My Funny Valentine meets Love in the Time of Cholera

Pisces
(February 19–March 20)
Last night you developed a sudden allergic reaction to Nonoxynol-9. This morning you nearly choked on your nelfinavir. Watch yourself on the way home from work. Perhaps you shouldn’t have broken the heart of a voodoo princess so close to Valentine’s Day. I’d call her if I were you. Your viral load count is due Monday—why takechances?

Aries
(March 21–April 19)
You are That Girl. You’ve got the best lines and all the bit players watch your story unfold with bated breath. Can you really blame them? It’s not everyone who can pop pills with such panache as you. But keep an eye on that sneaky scene-stealer looking for a lead role.

Taurus
(April 20–May 20)
As one of the most sensual signs of the zodiac, you are living proof that PWAs can have great sex. This is your time of year, isn’t it? You get to play Cupid and make everyone else’s fantasies come true. But in the midst of all this romance, remember to give thanks to the gods of testosterone.

Gemini
(May 21–June 20)
So, your doctor wouldn’t give you Prozac for each of your personalities. Nice try, though. I had a dream where you were a superhero named Flirtron. You could render villains powerless with a bat of your eyes and a flash of your turbocharged smile. Only I knew your secret identity—a mild-mannered working girl. I’m still not sure which was more of a disguise. Do you know?

Cancer
(June 21–July 22)
You’re going to be around longer than you thought. Problem is you’re not so much “Lazarus Raised” as “Lay-Z-Boy Reclined.” You really are lots of fun once you’re out of the house. And I’m not even talking about the time you discovered how Xanax interacts with booze. Get your cute self to the sweethearts’ dance and give some lucky person a case of crabs they won’t forget.

Leo
(July 23–August 22)
You know the signs. The nausea, the sweating, the tingles down your spine—you thought it was the d4T, but it’s love. Seeing him in the market on Tuesday clinched it. You played it like a Hollywood star just trying to live amongst the people. “Oh, hello,” he said while you examined the zucchinis. You smiled sweetly. He’s yours.

Virgo
(August 23–September 22)
It’s no secret that your lover isn’t as organized as you. Who is? We all know you’re proud of your new adherence device. Yep, it fits right into a fanny pack and faxes your doctor when you skip a dose. Wow, wow, wow. Listen, it’s no reflection on you if he doesn’t share your enthusiasm. This V-Day take it easy on your sugar. If he wants to eat Ho-Ho’s with his Crixivan—let him. He’ll make it up to you later.

Libra
(September 23–October 23)
Is it way too soon to buy a Valentine’s gift for your new honey? What if it is too soon? What if you scare him away?
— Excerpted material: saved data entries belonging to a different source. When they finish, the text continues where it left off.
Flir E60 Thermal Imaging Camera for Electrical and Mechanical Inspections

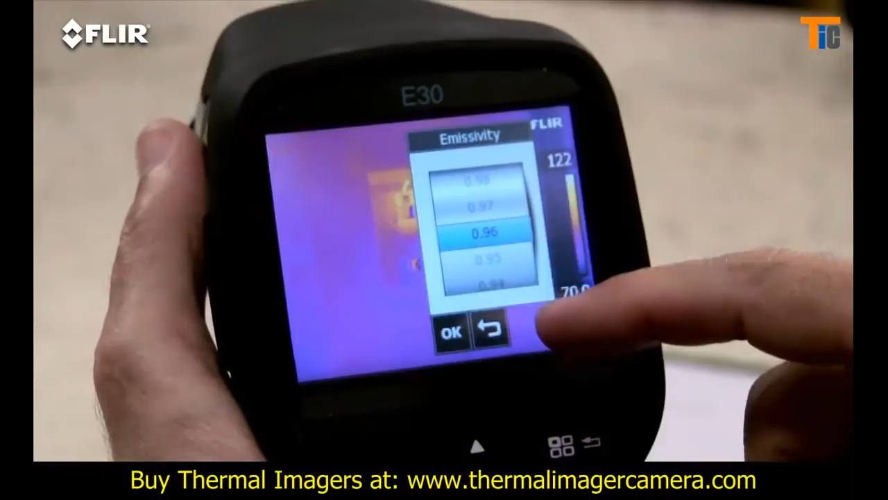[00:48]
Plenty of color palette choices for the best definition.
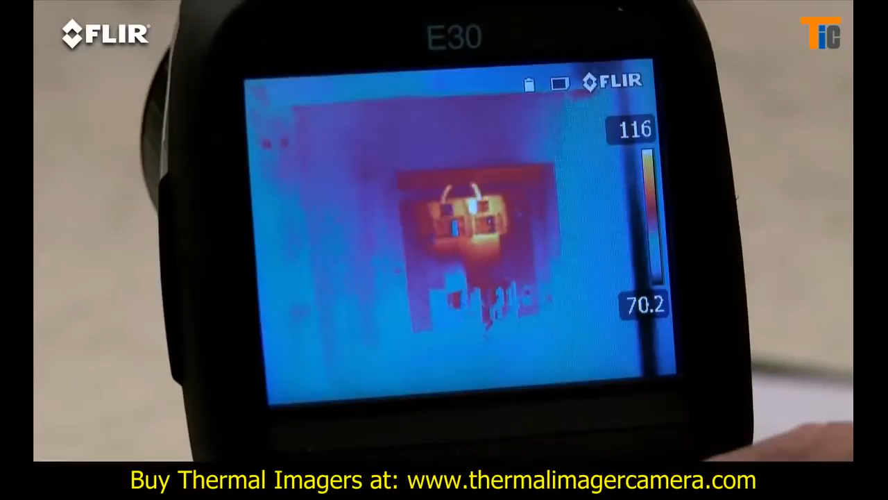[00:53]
A moveable spot meter, area box and so on.
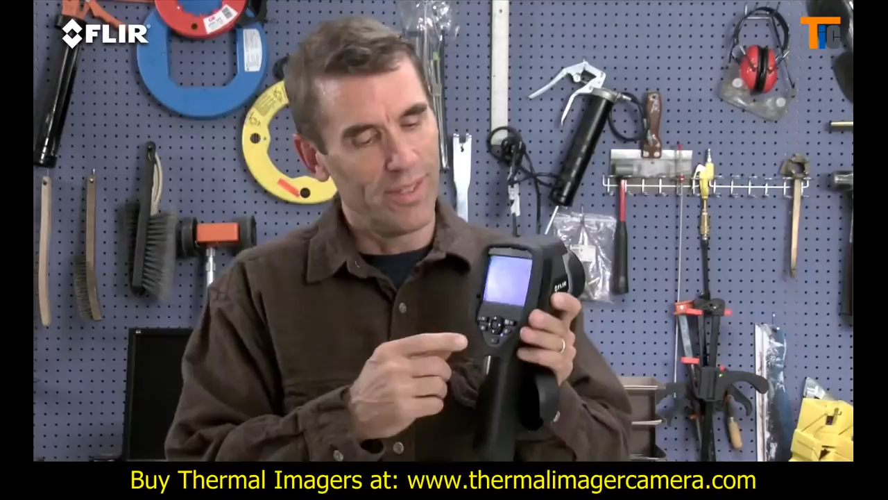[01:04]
Manual focus is another thing that's different about the E-Series.
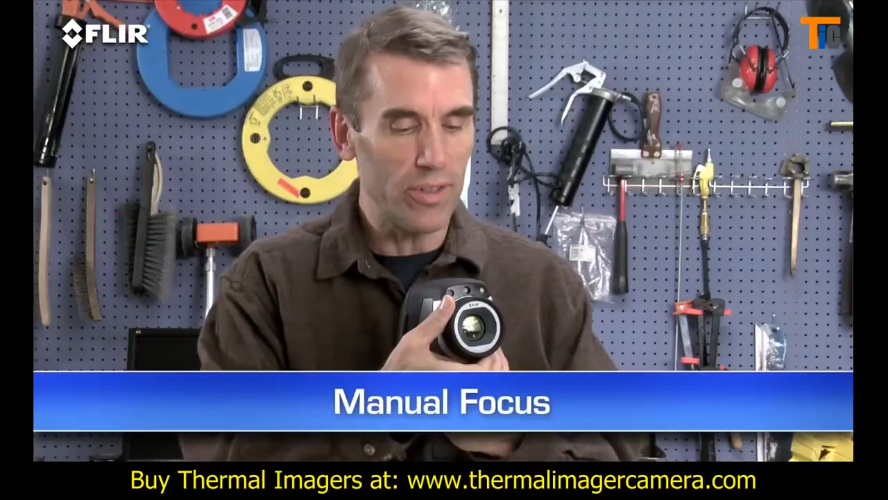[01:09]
It gives you full control to make sure your images are razor sharp.
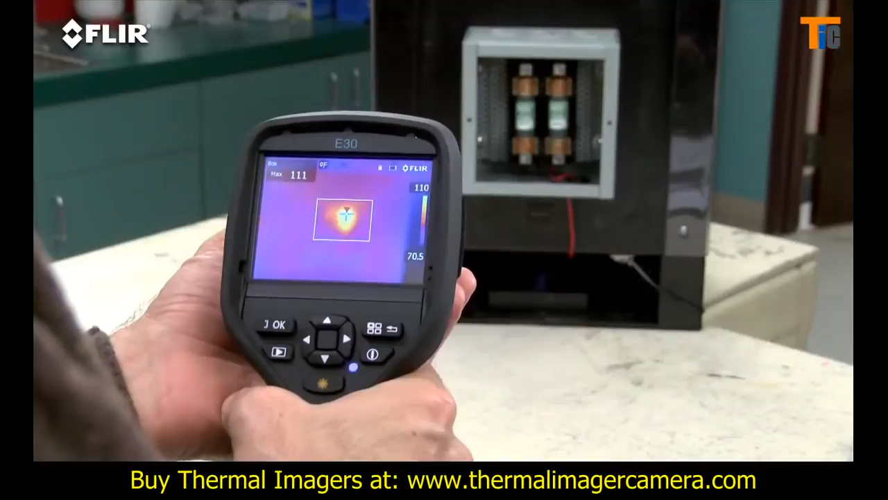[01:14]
Very important for detecting accurate temperatures. E-Series has interchangeable lenses too.
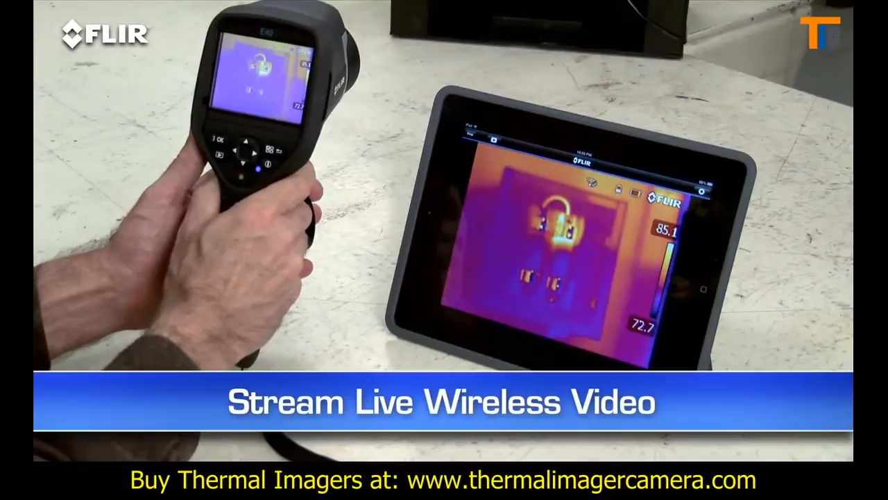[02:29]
so others can watch along easier from a distance to see what you're finding.
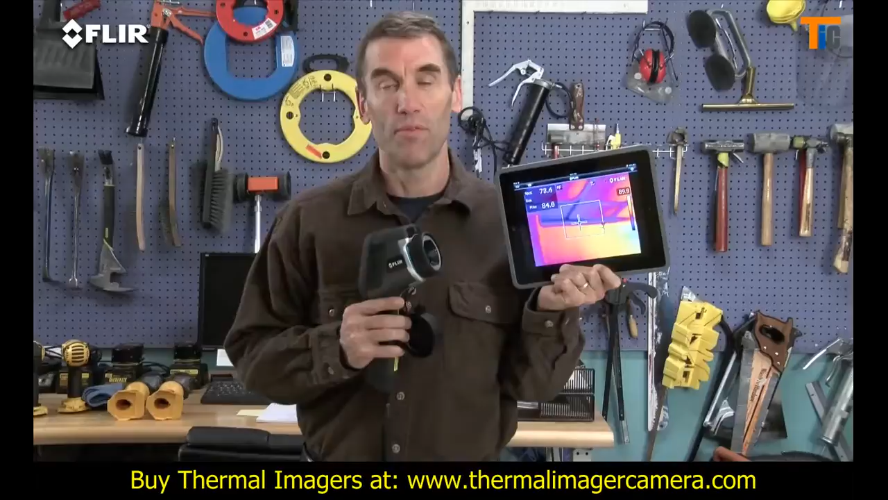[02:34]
Very practical around the plant, safer too in hazardous areas.
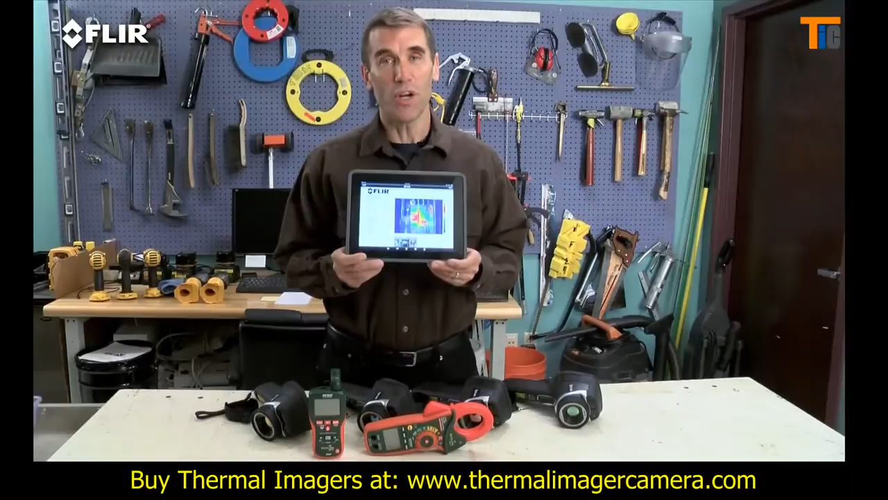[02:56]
This is huge when you need to share findings with decision makers and repair teams right away because you don't always have time to head back to the office. You can also connect via Bluetooth to a wireless headset to record voice annotations
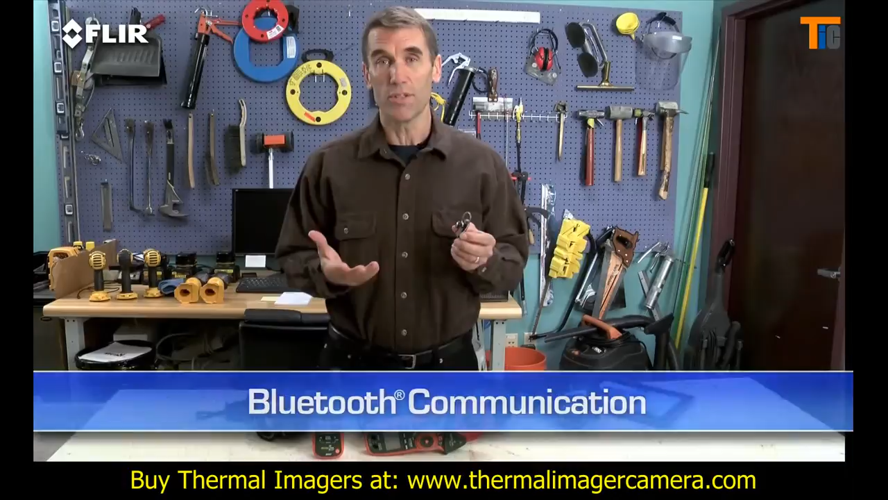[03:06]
and to X-Tech MeterLink equipment so you can embed electrical load data into your thermal images as you capture them.
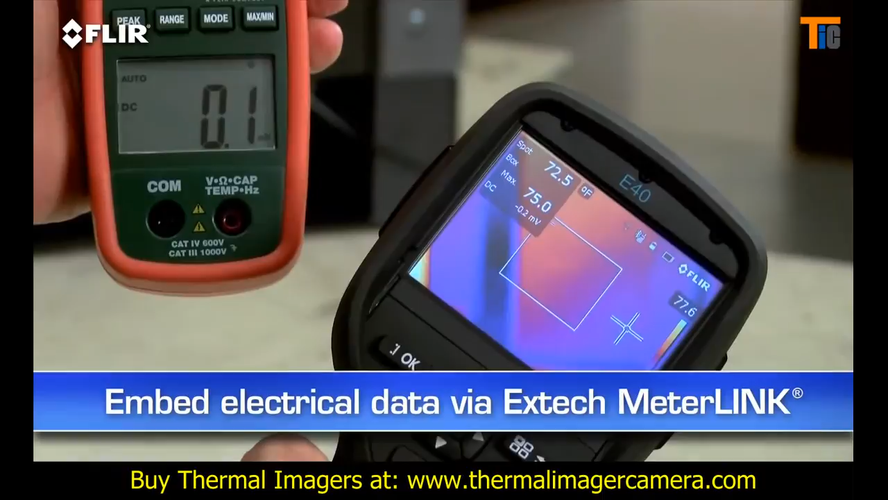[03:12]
A must-have for measuring more than just temperatures. This is extra information that shows up automatically in reports. Other features,
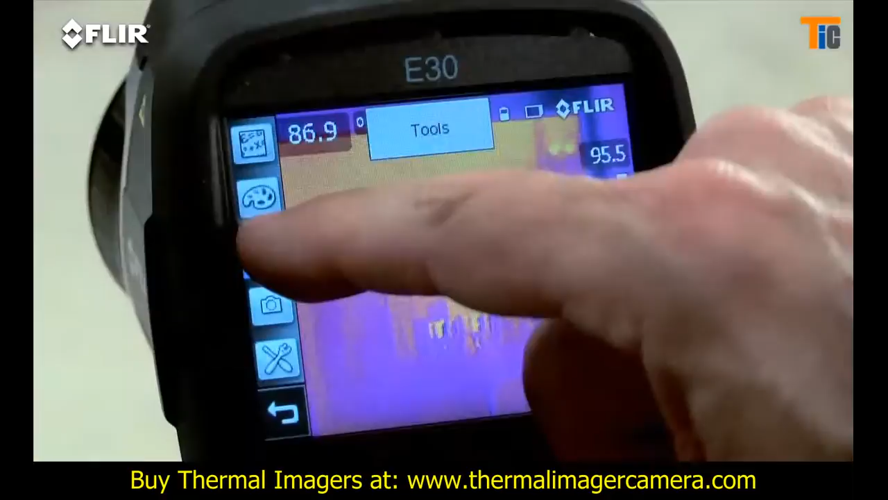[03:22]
a higher-res visible camera and multiple movable in-camera area box and spot meter tools to help you compare more temperatures.
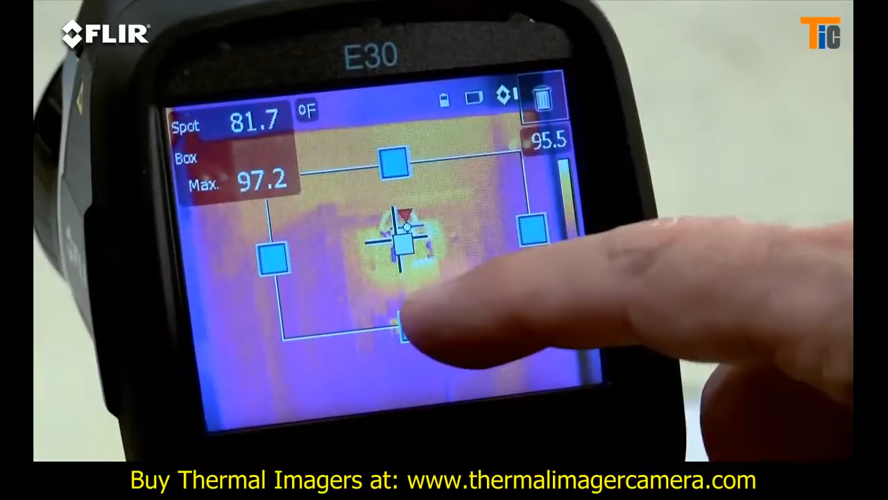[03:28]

Quit weighing the issues and get the damn teddy bear if you think he’ll like it. Also, stop being so sensitive about those warts on your feet. Go ahead and take your socks off in bed. Repeat after me: “Love me, love my molluscum.”

Scorpio
(October 24–November 21)
Your friends are worried about your new Crix-belly. But—you’re not on Crixivan. Your famous self-destructive streak strikes again. Harness your astonishing willpower and focus it on keeping that New Year’s resolution to look better than your ex. I saw him at the gym the other day. You better get your ass in gear, kiddo.

Sagittarius
(November 22–December 21)
She can’t get enough of your homemade brownies and you giggle at all the same things. Could this be love? Your buddies down at the cannabis buyers club think so. They say they have a cosmic vision of wedding bells, but are you moving too fast? Don’t stress, she’s in no rush either. Take two tokes and call it a day.

Capricorn
(December 22–January 19)
Your friends met your new boyfriend and now they think you’ve got dementia. He’s as impetuous as you are conservative, as out-spoken as you are reticent. But frankly, they’re not the ones sleeping with him, are they? Be fearless and make him your valentine. In the meantime, milk that dementia excuse for all it’s worth and speak your mind to those so-called friends.

Aquarius
(January 20–February 18)
It’s a good thing you were born under a water sign. With your latest bout of unpleasant side effects, you’ve mapped out every public restroom in town. This month you’ll be put to the test as you and your true love plan a Valentine’s getaway. What a lousy time to start taking ritonavir. Better pack Immodium!